> [Instructions to follow]
Your answer should hold only the line containing "316.91v24.57h-39.453c-15.113 0-27.359 12.246-27.359" and each line that follows it in the listing, copied exactly.

> [Supplied information]
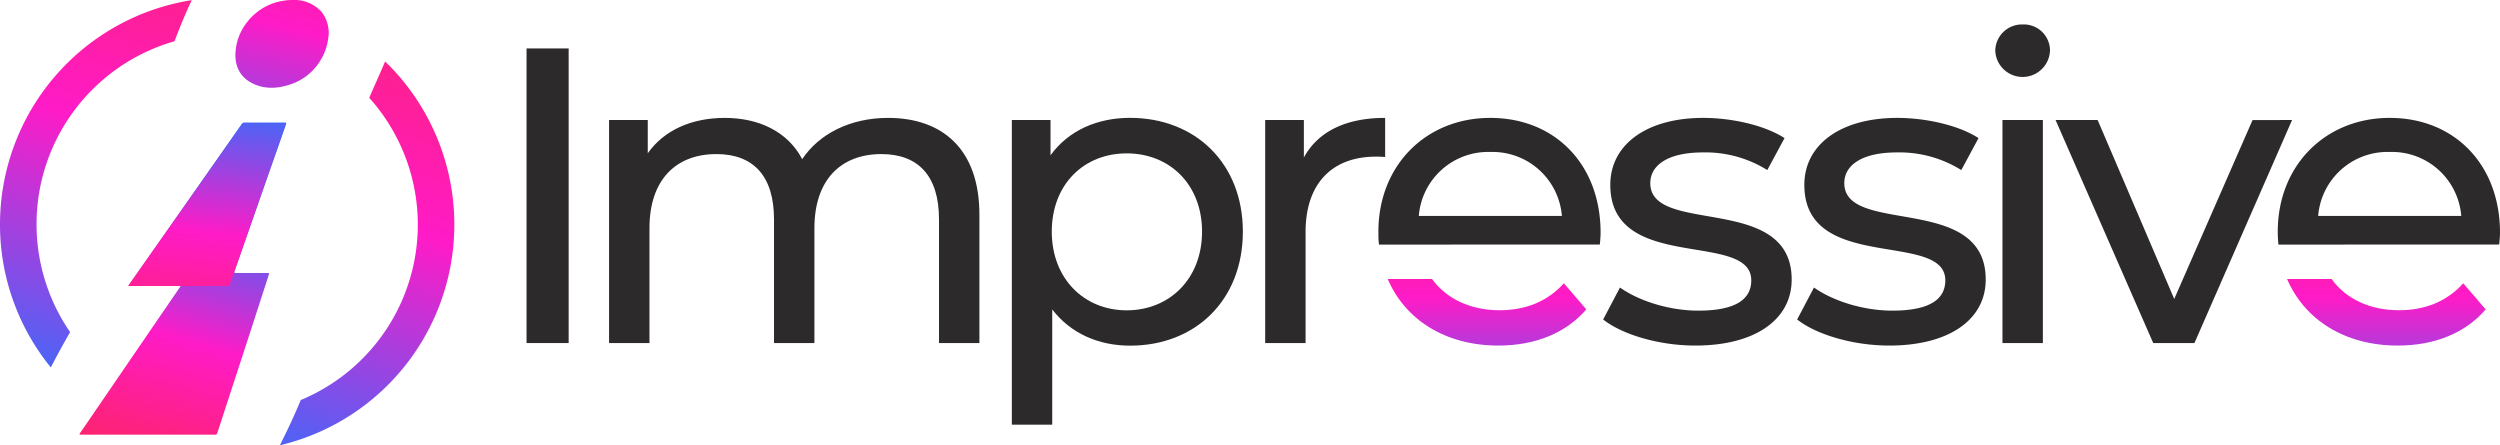 <svg xmlns="http://www.w3.org/2000/svg" xmlns:xlink="http://www.w3.org/1999/xlink" viewBox="0 0 556.84 99.19"><defs><style>.cls-1{isolation:isolate;}.cls-2{fill:#2d2a2b;}.cls-3{fill:url(#linear-gradient);}.cls-4{fill:url(#linear-gradient-2);}.cls-5{fill:url(#linear-gradient-3);}.cls-6{fill:url(#linear-gradient-4);}.cls-7{fill:url(#linear-gradient-5);}.cls-8{fill:url(#linear-gradient-6);}.cls-9{mix-blend-mode:overlay;fill:url(#linear-gradient-7);}</style><linearGradient id="linear-gradient" x1="412.79" y1="338.96" x2="412.79" y2="417.23" gradientUnits="userSpaceOnUse"><stop offset="0" stop-color="#fc2748"/><stop offset="0.48" stop-color="#ff1bc7"/><stop offset="0.89" stop-color="#2872ff"/></linearGradient><linearGradient id="linear-gradient-2" x1="613.12" y1="338.96" x2="613.12" y2="417.23" xlink:href="#linear-gradient"/><linearGradient id="linear-gradient-3" x1="110.56" y1="423.12" x2="133.06" y2="345.58" xlink:href="#linear-gradient"/><linearGradient id="linear-gradient-4" x1="157.45" y1="268.81" x2="132.28" y2="367.75" xlink:href="#linear-gradient"/><linearGradient id="linear-gradient-5" x1="125.8" y1="264.35" x2="73.86" y2="416.18" xlink:href="#linear-gradient"/><linearGradient id="linear-gradient-6" x1="194.72" y1="287.93" x2="142.78" y2="439.75" xlink:href="#linear-gradient"/><linearGradient id="linear-gradient-7" x1="40.9" y1="88.08" x2="50.22" y2="12.31" xlink:href="#linear-gradient"/></defs><g class="cls-1"><g id="Layer_1" data-name="Layer 1"><path class="cls-2" d="M198.86,321.2h9.38v65.62h-9.38Z" transform="translate(-81.58 -310.41)"/><path class="cls-2" d="M299.73,358.23v28.59h-9V359.26c0-9.75-4.69-14.53-12.84-14.53-9,0-14.91,5.72-14.91,16.5v25.59h-9V359.26c0-9.75-4.68-14.53-12.84-14.53-9,0-14.9,5.72-14.9,16.5v25.59h-9V337.14h8.62v7.41c3.56-5.07,9.66-7.88,17.16-7.88s14,3,17.24,9.19c3.75-5.63,10.69-9.19,19.13-9.19C291.48,336.67,299.73,343.61,299.73,358.23Z" transform="translate(-81.58 -310.41)"/><path class="cls-2" d="M358.41,362c0,15.28-10.59,25.4-25.12,25.4-7,0-13.22-2.71-17.34-8.06V405h-9V337.14h8.62V345c4-5.53,10.41-8.34,17.72-8.34C347.82,336.67,358.41,346.79,358.41,362Zm-9.09,0c0-10.5-7.22-17.43-16.78-17.43s-16.69,6.93-16.69,17.43,7.22,17.53,16.69,17.53S349.32,372.57,349.32,362Z" transform="translate(-81.58 -310.41)"/><path class="cls-2" d="M390.1,336.67v8.72a16.56,16.56,0,0,0-2.06-.09c-9.66,0-15.66,5.9-15.66,16.77v24.75h-9V337.14H372v8.34C375.19,339.67,381.38,336.67,390.1,336.67Z" transform="translate(-81.58 -310.41)"/><path class="cls-3" d="M415.6,379.51c-6.59,0-11.91-2.61-15.05-6.95h-9.87c3.84,9,12.77,14.82,24.63,14.82,8.25,0,15.1-2.81,19.6-8.06l-5-5.81C426.28,377.54,421.41,379.51,415.6,379.51Z" transform="translate(-81.58 -310.41)"/><path class="cls-2" d="M437.92,364.87c.09-.83.17-1.89.17-2.61,0-15.28-10.21-25.59-24.56-25.59S388.6,347.26,388.6,362c0,1,0,1.95.14,2.89Zm-24.39-20.61a15.5,15.5,0,0,1,15.94,14.25H397.6A15.49,15.49,0,0,1,413.53,344.26Z" transform="translate(-81.58 -310.41)"/><path class="cls-2" d="M438.66,381.57l3.75-7.12c4.21,3,11,5.15,17.43,5.15,8.35,0,11.81-2.53,11.81-6.74,0-11.16-31.4-1.5-31.4-21.28,0-8.91,8-14.91,20.72-14.91,6.46,0,13.78,1.69,18.09,4.5l-3.84,7.12a26,26,0,0,0-14.35-3.93c-7.87,0-11.71,2.9-11.71,6.84,0,11.72,31.49,2.16,31.49,21.47,0,9-8.25,14.71-21.46,14.71C450.94,387.38,442.78,384.85,438.66,381.57Z" transform="translate(-81.58 -310.41)"/><path class="cls-2" d="M481.87,381.57l3.75-7.12c4.22,3,11,5.15,17.44,5.15,8.34,0,11.81-2.53,11.81-6.74,0-11.16-31.4-1.5-31.4-21.28,0-8.91,8-14.91,20.71-14.91,6.47,0,13.78,1.69,18.09,4.5l-3.84,7.12a26,26,0,0,0-14.34-3.93c-7.88,0-11.72,2.9-11.72,6.84,0,11.72,31.5,2.16,31.5,21.47,0,9-8.25,14.71-21.47,14.71C494.15,387.38,486,384.85,481.87,381.57Z" transform="translate(-81.58 -310.41)"/><path class="cls-2" d="M526,321.77a5.93,5.93,0,0,1,6.1-5.91,5.83,5.83,0,0,1,6.09,5.72,6.1,6.1,0,0,1-12.19.19Zm1.6,15.37h9v49.68h-9Z" transform="translate(-81.58 -310.41)"/><path class="cls-2" d="M592.11,337.14l-21.75,49.68h-9.18l-21.75-49.68h9.37L565.86,377l17.44-39.84Z" transform="translate(-81.58 -310.41)"/><path class="cls-2" d="M638.24,364.87c.09-.83.18-1.89.18-2.61,0-15.28-10.22-25.59-24.56-25.59S588.92,347.26,588.92,362a27.4,27.4,0,0,0,.15,2.89Zm-24.38-20.61a15.48,15.48,0,0,1,15.93,14.25H597.92A15.49,15.49,0,0,1,613.86,344.26Z" transform="translate(-81.58 -310.41)"/><path class="cls-4" d="M615.92,379.51c-6.59,0-11.9-2.61-15-6.95H591c3.85,9,12.78,14.82,24.64,14.82,8.25,0,15.09-2.81,19.59-8.06l-5-5.81C626.61,377.54,621.73,379.51,615.92,379.51Z" transform="translate(-81.58 -310.41)"/><path class="cls-5" d="M116.06,374.1h-5.32c-.57,0-.57,0-.21-.54l12.09-17.25,12.68-18.1a.9.9,0,0,1,.84-.47c2.89,0,5.78,0,8.67,0,.59,0,.6,0,.39.62q-2.14,6.12-4.31,12.25l-5,14.29c-.69,1.95-1.36,3.9-2.06,5.85-.14.38,0,.46.31.46h6.82c.62,0,.62,0,.42.63l-4.8,14.8L131.89,401q-.9,2.79-1.82,5.6c-.2.63-.2.63-.86.63H99.57c-.28,0-.36-.08-.16-.37s.61-.88.91-1.31l15-21.93,6.22-9.08c.32-.48.32-.48-.23-.48Z" transform="translate(-81.58 -310.41)"/><path class="cls-6" d="M146.74,310.41a8.12,8.12,0,0,1,6.38,2.56,7.49,7.49,0,0,1,1.54,6.15,12,12,0,0,1-1.83,4.94,12.24,12.24,0,0,1-6.33,5.07c-3.37,1.19-6.44,1.12-9.07-.36s-3.76-4.09-3.32-7.48a12,12,0,0,1,2.48-5.91,12.61,12.61,0,0,1,6.68-4.5A13.54,13.54,0,0,1,146.74,310.41Z" transform="translate(-81.58 -310.41)"/><path class="cls-7" d="M81.58,360.4A50.37,50.37,0,0,0,92.9,392.25q2.07-4,4.3-7.86a42.38,42.38,0,0,1,23.25-64.79c1.17-3.1,2.43-6.17,3.84-9.16A50.59,50.59,0,0,0,81.58,360.4Z" transform="translate(-81.58 -310.41)"/><path class="cls-8" d="M167.36,324.1c-1.15,2.71-2.37,5.39-3.54,8.09a42.3,42.3,0,0,1-15.25,67.32c-1.41,3.43-3,6.78-4.65,10.08a50.52,50.52,0,0,0,23.44-85.49Z" transform="translate(-81.58 -310.41)"/><polygon class="cls-9" points="29.16 63.7 51.08 63.7 63.75 27.33 54.13 27.33 28.53 63.7 29.16 63.7"/></g></g></svg>
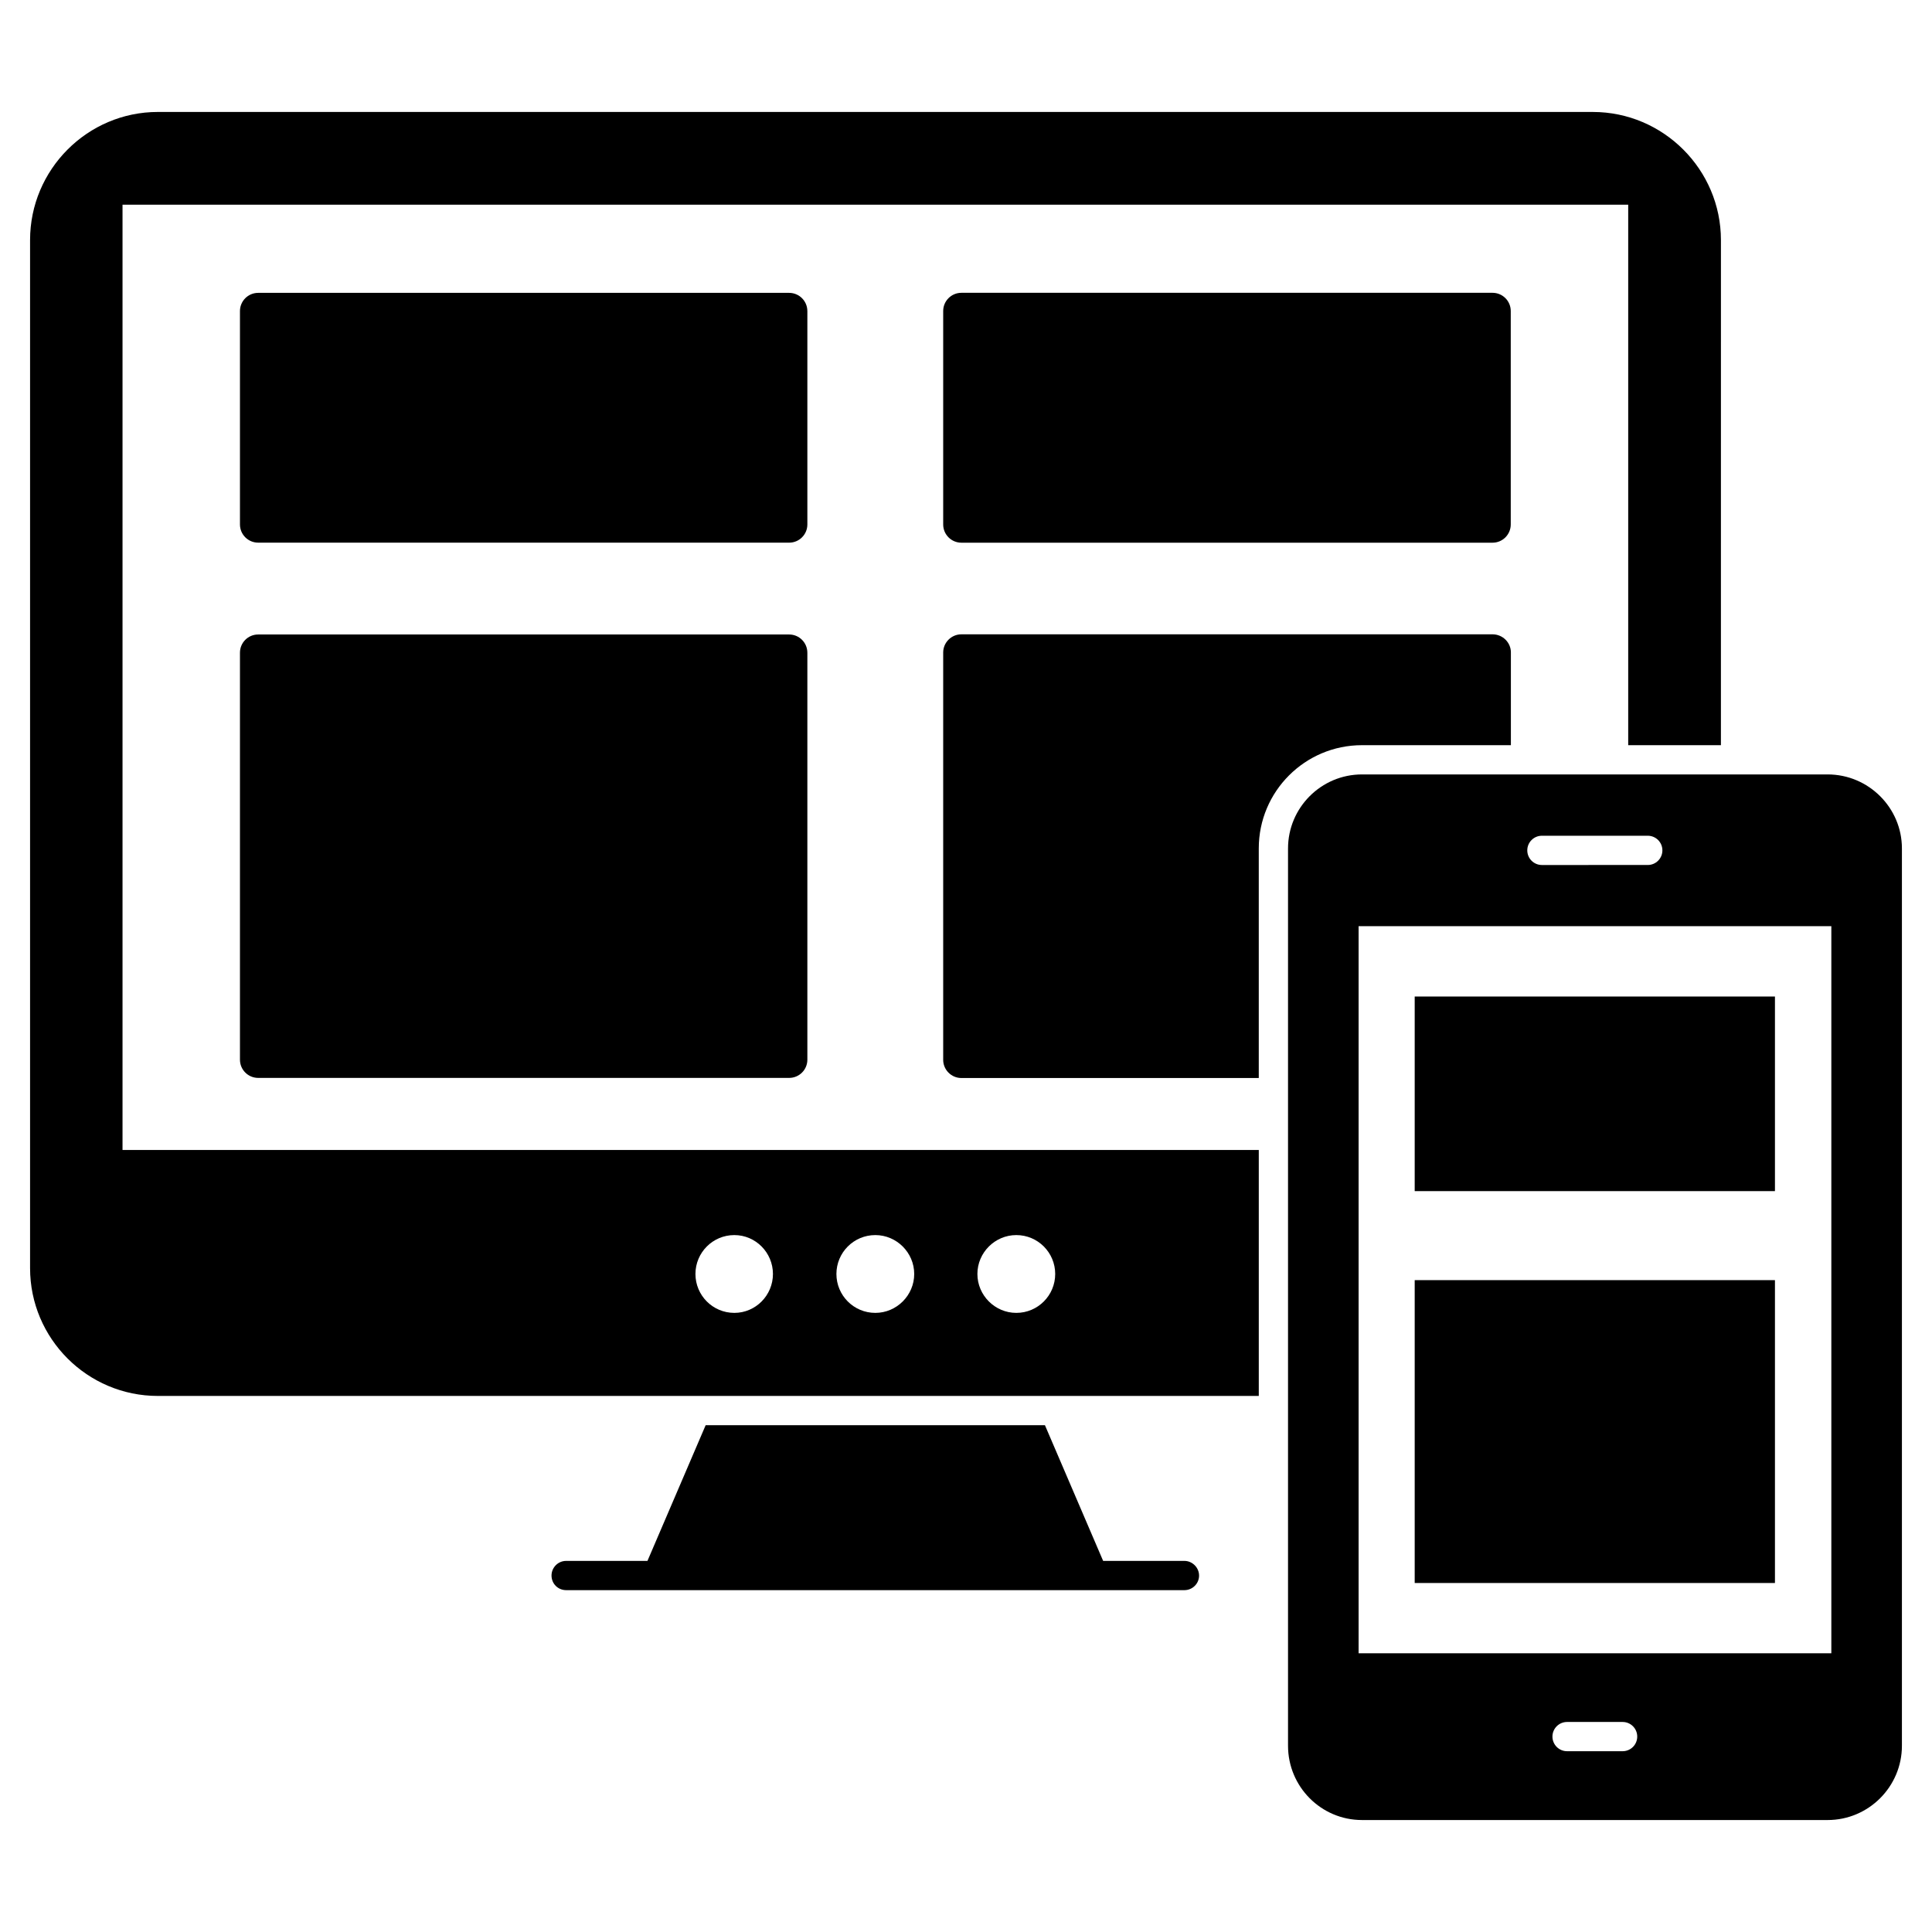 <?xml version="1.0" encoding="UTF-8"?>
<!-- Uploaded to: ICON Repo, www.svgrepo.com, Generator: ICON Repo Mixer Tools -->
<svg fill="#000000" width="800px" height="800px" version="1.1" viewBox="144 144 512 512" xmlns="http://www.w3.org/2000/svg">
 <g>
  <path d="m566.1 173.67h-380.26c-18.68 0-33.871 15.27-33.871 33.949v272.45c0 18.68 15.191 33.871 33.871 33.871h291.75v-65.184l-301.12-0.004v-250.51h399.02v143.24h24.57l0.004-133.86c0-18.68-15.27-33.949-33.949-33.949zm-152.77 297.64c5.734 0 10.309 4.652 10.309 10.309s-4.574 10.309-10.309 10.309c-5.656 0-10.309-4.652-10.309-10.309-0.004-5.66 4.648-10.309 10.309-10.309zm-37.363 0c5.656 0 10.309 4.652 10.309 10.309s-4.652 10.309-10.309 10.309c-5.734 0-10.309-4.652-10.309-10.309 0-5.66 4.574-10.309 10.309-10.309zm-37.359 0c5.656 0 10.23 4.652 10.23 10.309s-4.574 10.309-10.23 10.309c-5.734 0-10.309-4.652-10.309-10.309 0-5.66 4.574-10.309 10.309-10.309z"/>
  <path d="m461.77 561.53c0 2.172-1.781 3.875-3.875 3.875h-163.86c-2.172 0-3.875-1.707-3.875-3.875 0-2.094 1.707-3.875 3.875-3.875h21.547l15.426-35.965h89.91l15.426 35.965h21.547c2.094 0 3.875 1.781 3.875 3.875z"/>
  <path d="m628.34 349.23h-123.39c-10.852 0-19.609 8.836-19.609 19.609v237.8c0 10.852 8.758 19.688 19.609 19.688h123.39c10.852 0 19.688-8.836 19.688-19.688v-237.8c0-10.773-8.836-19.609-19.688-19.609zm-75.719 16.25h28.055c2.141 0 3.875 1.734 3.875 3.875s-1.734 3.875-3.875 3.875l-28.055 0.004c-2.141 0-3.875-1.734-3.875-3.875 0-2.144 1.734-3.879 3.875-3.879zm21.387 242.61h-14.719c-2.141 0-3.875-1.734-3.875-3.875s1.734-3.875 3.875-3.875h14.719c2.141 0 3.875 1.734 3.875 3.875s-1.73 3.875-3.875 3.875zm55.316-25.949h-125.28v-192.69h125.28z"/>
  <path d="m357.96 316.97v107.86c0 2.664-2.16 4.824-4.824 4.824h-140.72c-2.664 0-4.824-2.16-4.824-4.824v-107.86c0-2.664 2.16-4.824 4.824-4.824h140.72c2.66 0 4.82 2.16 4.82 4.824z"/>
  <path d="m357.96 226.44v56.547c0 2.664-2.16 4.824-4.824 4.824l-140.72-0.004c-2.664 0-4.824-2.16-4.824-4.824v-56.547c0-2.664 2.16-4.824 4.824-4.824h140.72c2.66 0.004 4.82 2.164 4.82 4.828z"/>
  <path d="m544.4 316.91v24.57h-39.453c-15.113 0-27.359 12.246-27.359 27.359v60.844h-78.828c-2.637 0-4.805-2.172-4.805-4.805v-107.97c0-2.637 2.172-4.805 4.805-4.805l140.76-0.004c2.711 0 4.883 2.172 4.883 4.809z"/>
  <path d="m539.54 287.82h-140.76c-2.664 0-4.824-2.16-4.824-4.824v-56.574c0-2.664 2.16-4.824 4.824-4.824h140.76c2.664 0 4.824 2.16 4.824 4.824v56.574c-0.004 2.664-2.16 4.824-4.824 4.824z"/>
  <path d="m518.91 408.09h95.469v51.57h-95.469z"/>
  <path d="m518.91 483.25h95.469v80.262h-95.469z"/>
 </g>
</svg>

> [Task solution]
  <path d="m544.4 316.91v24.57h-39.453c-15.113 0-27.359 12.246-27.359 27.359v60.844h-78.828c-2.637 0-4.805-2.172-4.805-4.805v-107.97c0-2.637 2.172-4.805 4.805-4.805l140.76-0.004c2.711 0 4.883 2.172 4.883 4.809z"/>
  <path d="m539.54 287.82h-140.76c-2.664 0-4.824-2.16-4.824-4.824v-56.574c0-2.664 2.16-4.824 4.824-4.824h140.76c2.664 0 4.824 2.16 4.824 4.824v56.574c-0.004 2.664-2.16 4.824-4.824 4.824z"/>
  <path d="m518.91 408.09h95.469v51.57h-95.469z"/>
  <path d="m518.91 483.25h95.469v80.262h-95.469z"/>
 </g>
</svg>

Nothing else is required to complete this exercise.